Diketahui akun @Askrlfess mengunggah tangkapan layar status WhatsApp yang menyinggung soal barang bukti baju bekas tersebut. Pelaku berdalih akunnya menggunakan sistem bot untuk meneruskan unggahan yang dikirim pengguna lain ke akun @Askrlfess.
Setelah menangkap admin dari akun berinisial IAS, polisi lantas mengembangkan kasus dengan menangkap EW dan juga AM. Keduanya berperan juga dalam membuat narasi tersebut.
Sementara itu warganet menyatakan heran dengan tindakan cepat dari kepolisian.
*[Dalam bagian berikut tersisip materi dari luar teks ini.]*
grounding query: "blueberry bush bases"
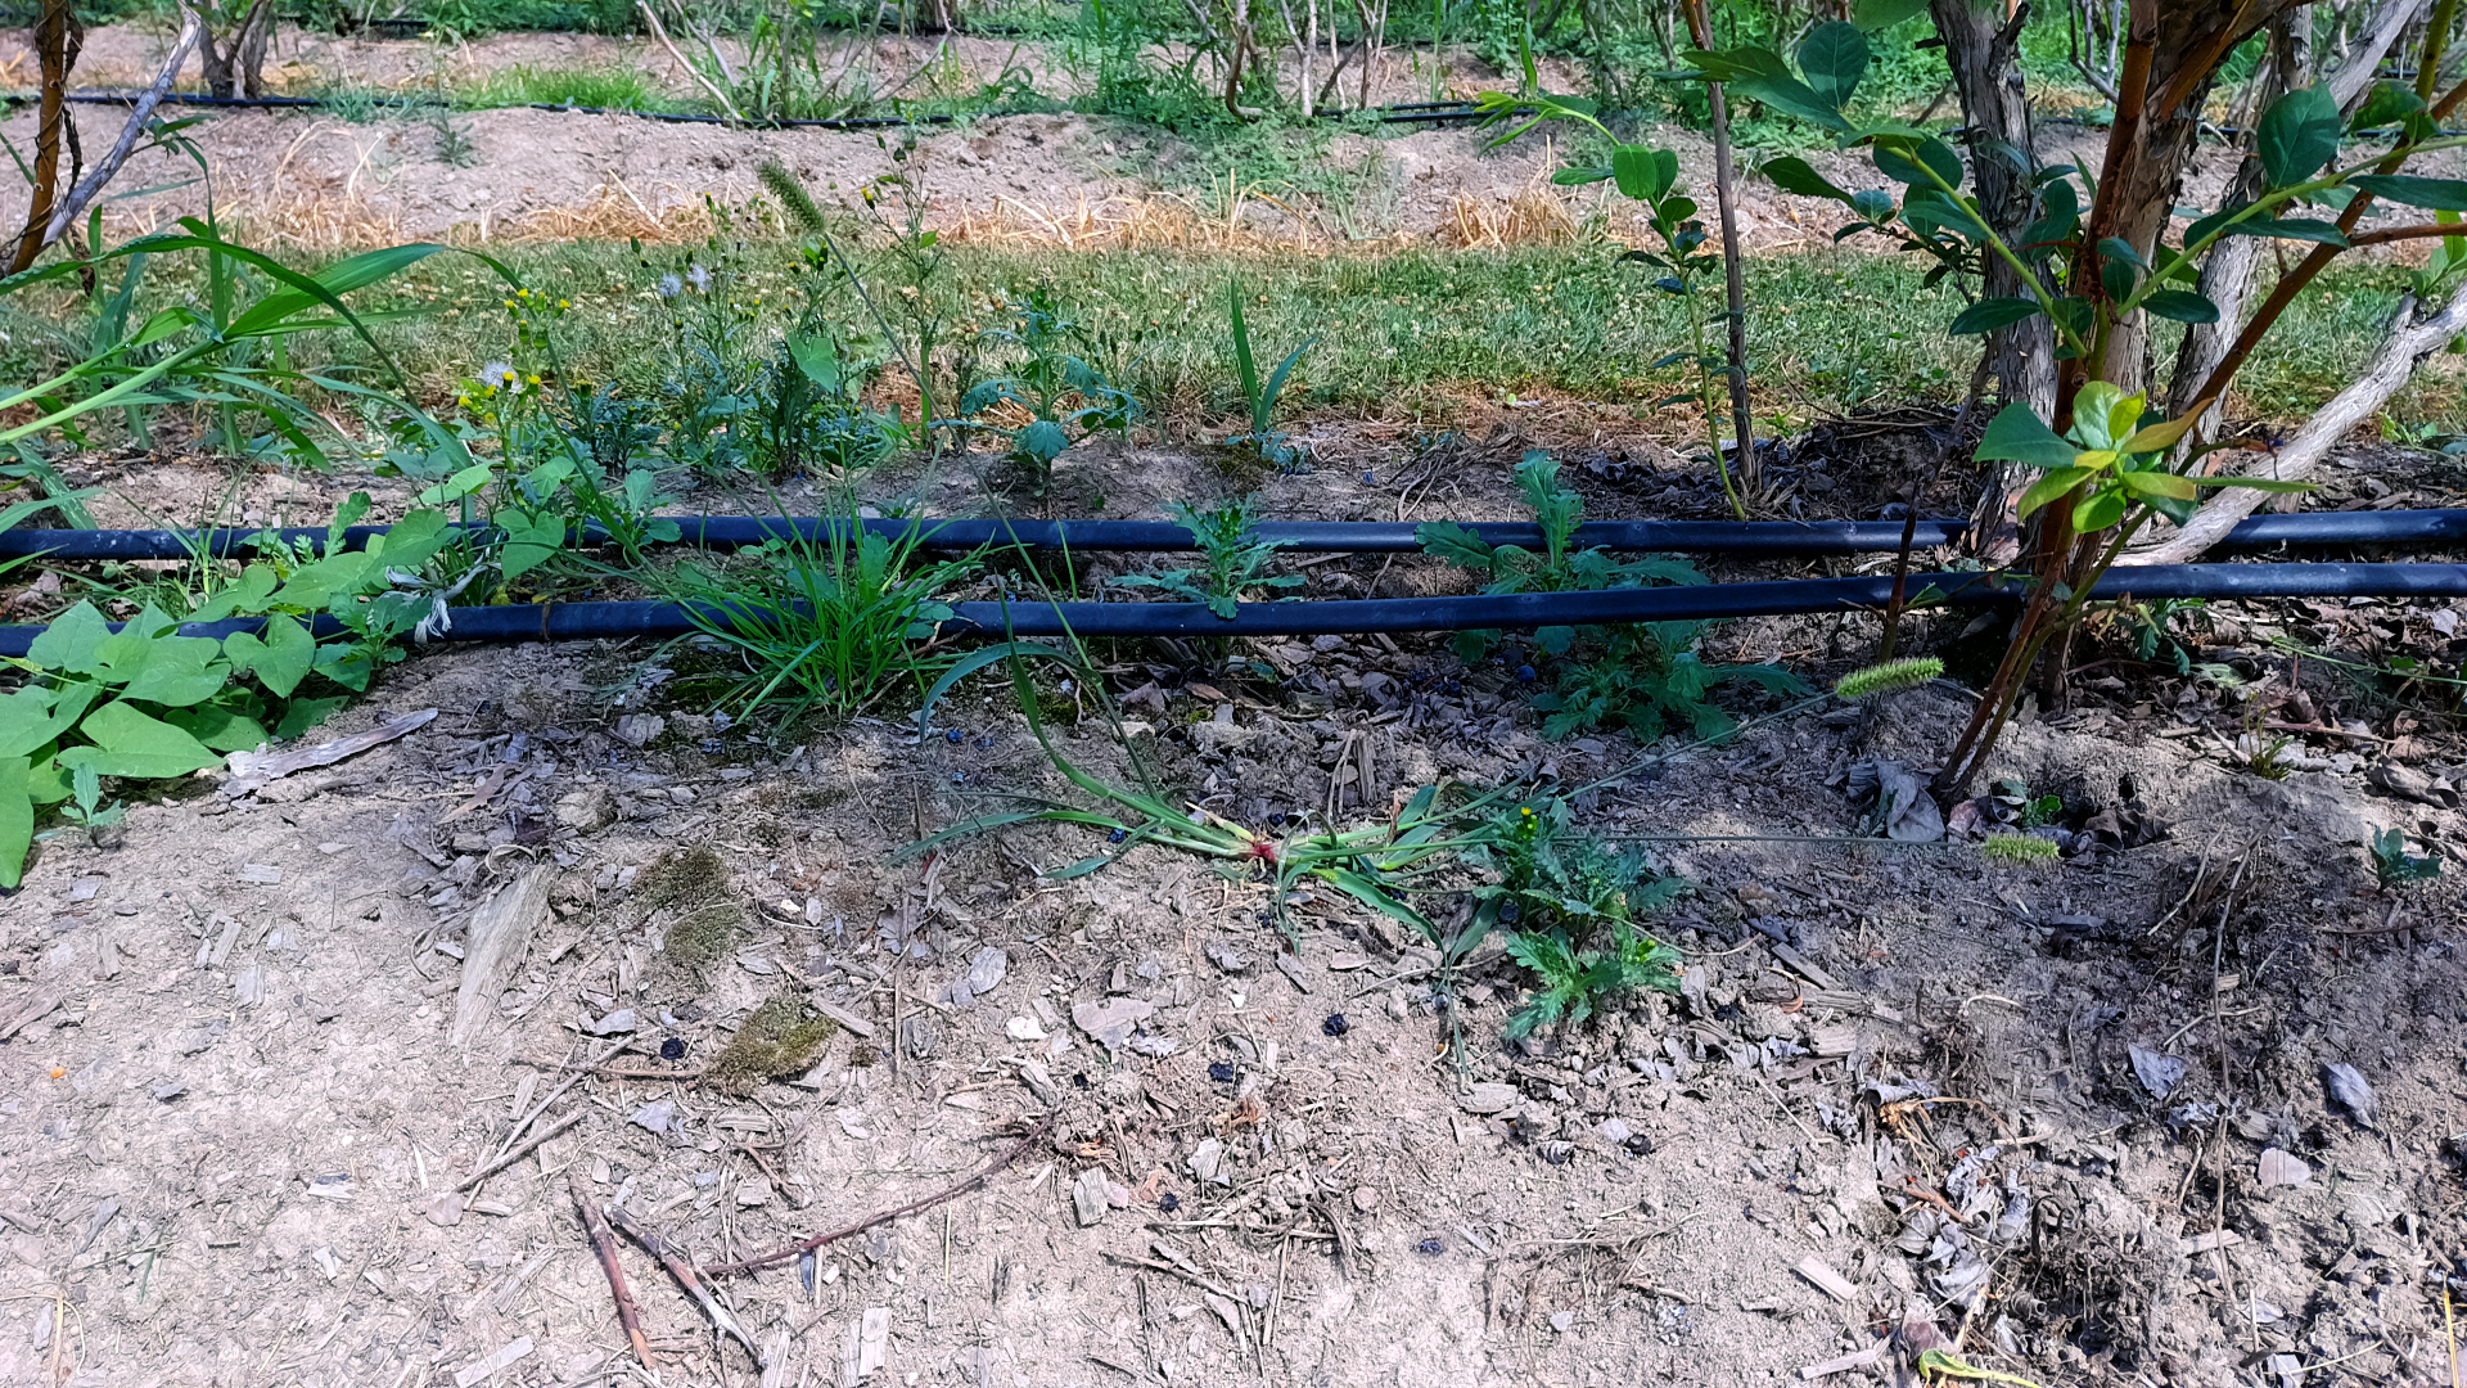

Pasalnya aksi ini rentan menjadi kriminalisasi kepada pemilik akun di media sosial.
"Tpi sistem bot dalam menfess itu apakah kemudian membuat admin atau pemiliki akun mendesah bertanggungjawab juga?" papar @mfatahilahakbar
"Selain daripada itu, jika pakai Pasal 28 (2), SARA seperti apa yg dimaksud di sini? Antar golongan apa?" lanjutnya.
Bahkan dirinya memention pemilik Twitter Elon Musk dan mengeluhkan hal ini. Dirinya berharap Elon Musk melihat platformnya bisa mengancam seseorang.
"Hai @ElonMusk
Tahukah Anda beberapa banyak pengguna Twitter yang dijerat pasal pidana di Indonesia hanya karena beberapa tweet sederhana?
Hari ini tiga orang ditangkap setelah tweet viral... Itu bukan pornografi atau pelecehan seksual...
Ini tentang pakaian bebas dan penegakan hukum
Bagaimana menurut kamu?"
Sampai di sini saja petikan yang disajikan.